SP | Most Looming Heel Turn Phil Spencer, Xbox |
Xbox head Phil Spencer has spent years cultivating a reputation as a nice guy, and it’s one of the rare cases where you can’t help but buy that a public persona is entirely genuine. Still, as Microsoft tries to convince government regulators around the world to let it complete its $69 billion acquisition of Activision Blizzard, I think I’m starting to see cracks form. At this point, Phil has issued an escalating and increasingly desperate set of public pledges to keep Call of Duty on PlayStation indefinitely, with no caveats. I would not be surprised if by the time this story goes live, he’s also offered to give Jim Ryan a foot massage while wearing a T-shirt that says “PlayStation Rules, Xbox Drools.” Despite the charm offensive, the FTC is suing to block the deal in the U.S., and regulators in Europe and the U.K. aren’t ending their ongoing investigations, either. A man doing everything he can to get ahead with kindness, while society keeps kicking him into the dirt?
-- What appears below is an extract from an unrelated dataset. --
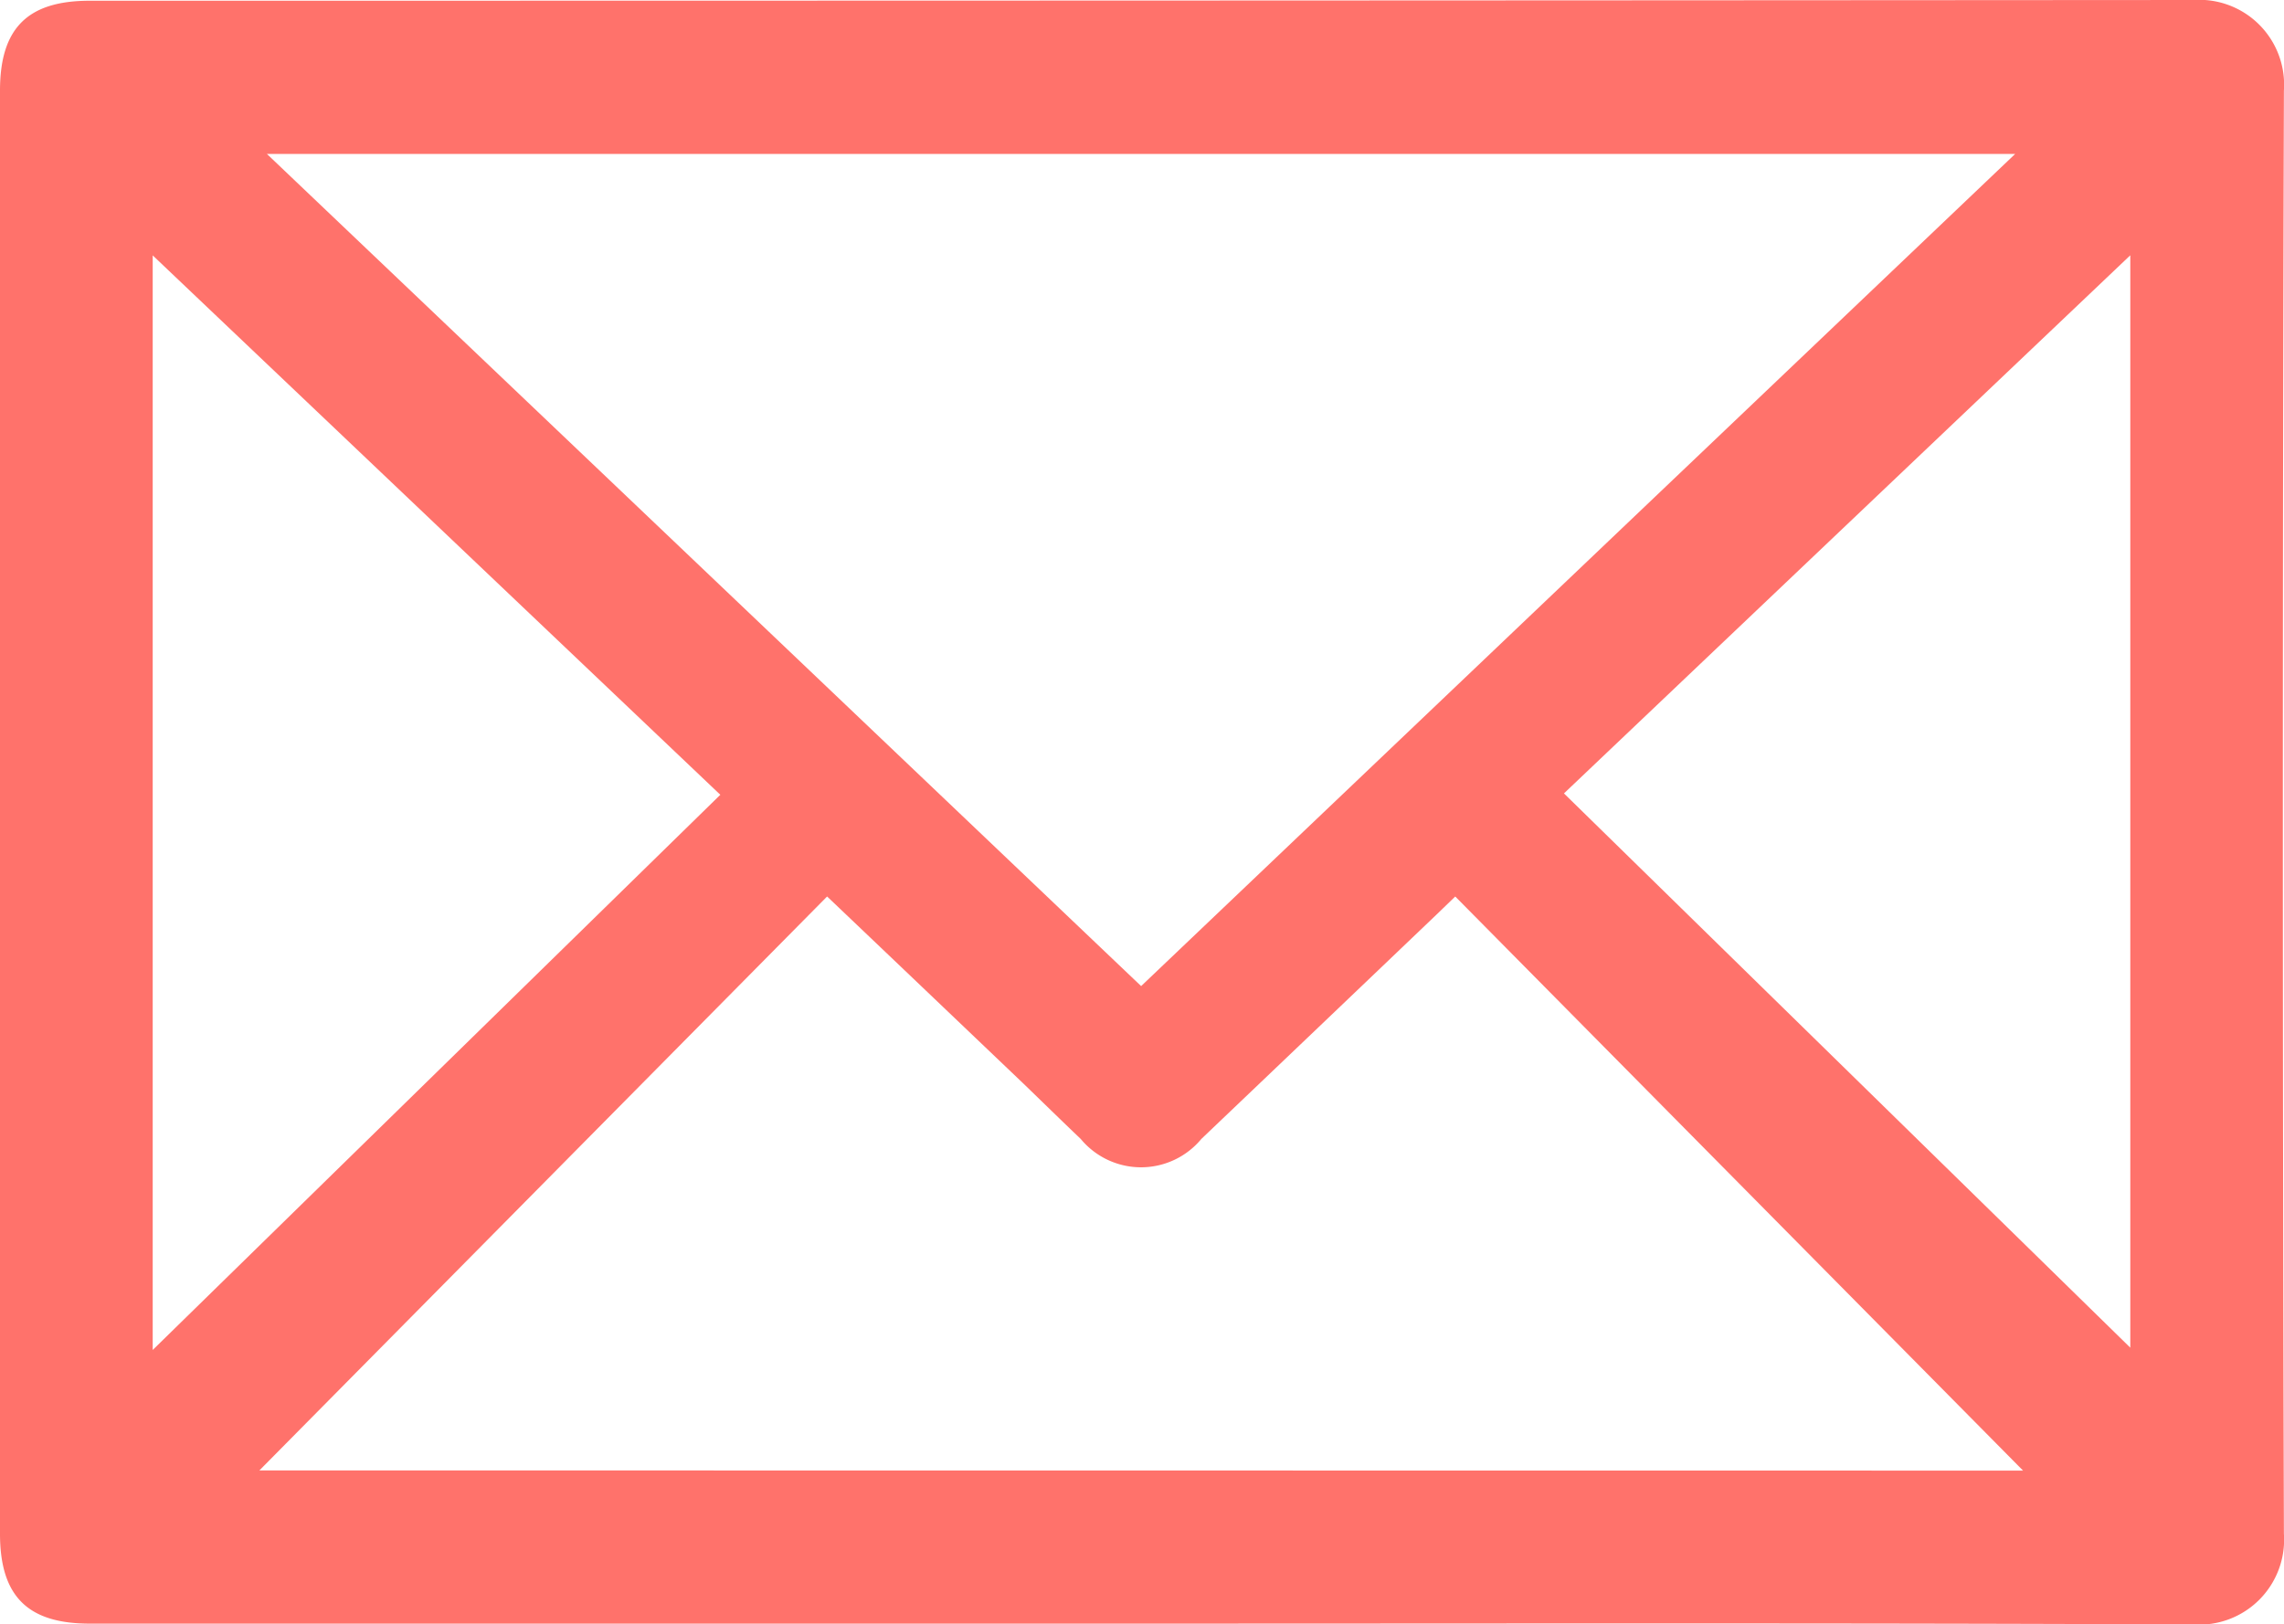 <svg xmlns="http://www.w3.org/2000/svg" width="24.875" height="17.696" viewBox="0 0 24.875 17.696"><defs><style>.a{fill:#ff726b;}</style></defs><g transform="translate(0)"><g transform="translate(0 0)"><path class="a" d="M110.3,1094.833H98.859c-.676,0-.976-.3-.976-.979q0-7.861,0-15.721c0-.679.3-.979.976-.979q11.457,0,22.913-.008a.925.925,0,0,1,.985.988q-.023,7.86,0,15.721a.925.925,0,0,1-.986.987C117.95,1094.825,114.127,1094.833,110.3,1094.833Zm-9.51-16.01,9.521,9.065,9.519-9.065Zm19.126,14.343-6.184-6.254-.207.2q-1.278,1.221-2.558,2.441a.853.853,0,0,1-1.314,0c-.21-.2-.414-.4-.621-.6-.712-.679-1.423-1.358-2.141-2.041l-6.183,6.252Zm-5-7.377,6.168,6.038v-11.9Zm-9.188.015-6.182-5.876v11.924Z" transform="translate(-97.883 -1077.146)"/></g></g></svg>

That sure sounds like Joaquin Phoenix’s Joker to me. Look, I’m not saying Phil’s going to go full Arthur Fleck. Maybe he just puts a battle pass in Starfield. Maybe he makes Game Pass $1,000 a month. But I will say this: If I were Geoff Keighley and Phil Spencer offered to tell me a joke during a sit-down interview at the next Summer Game Fest, I would sprint out of the studio as fast as possible.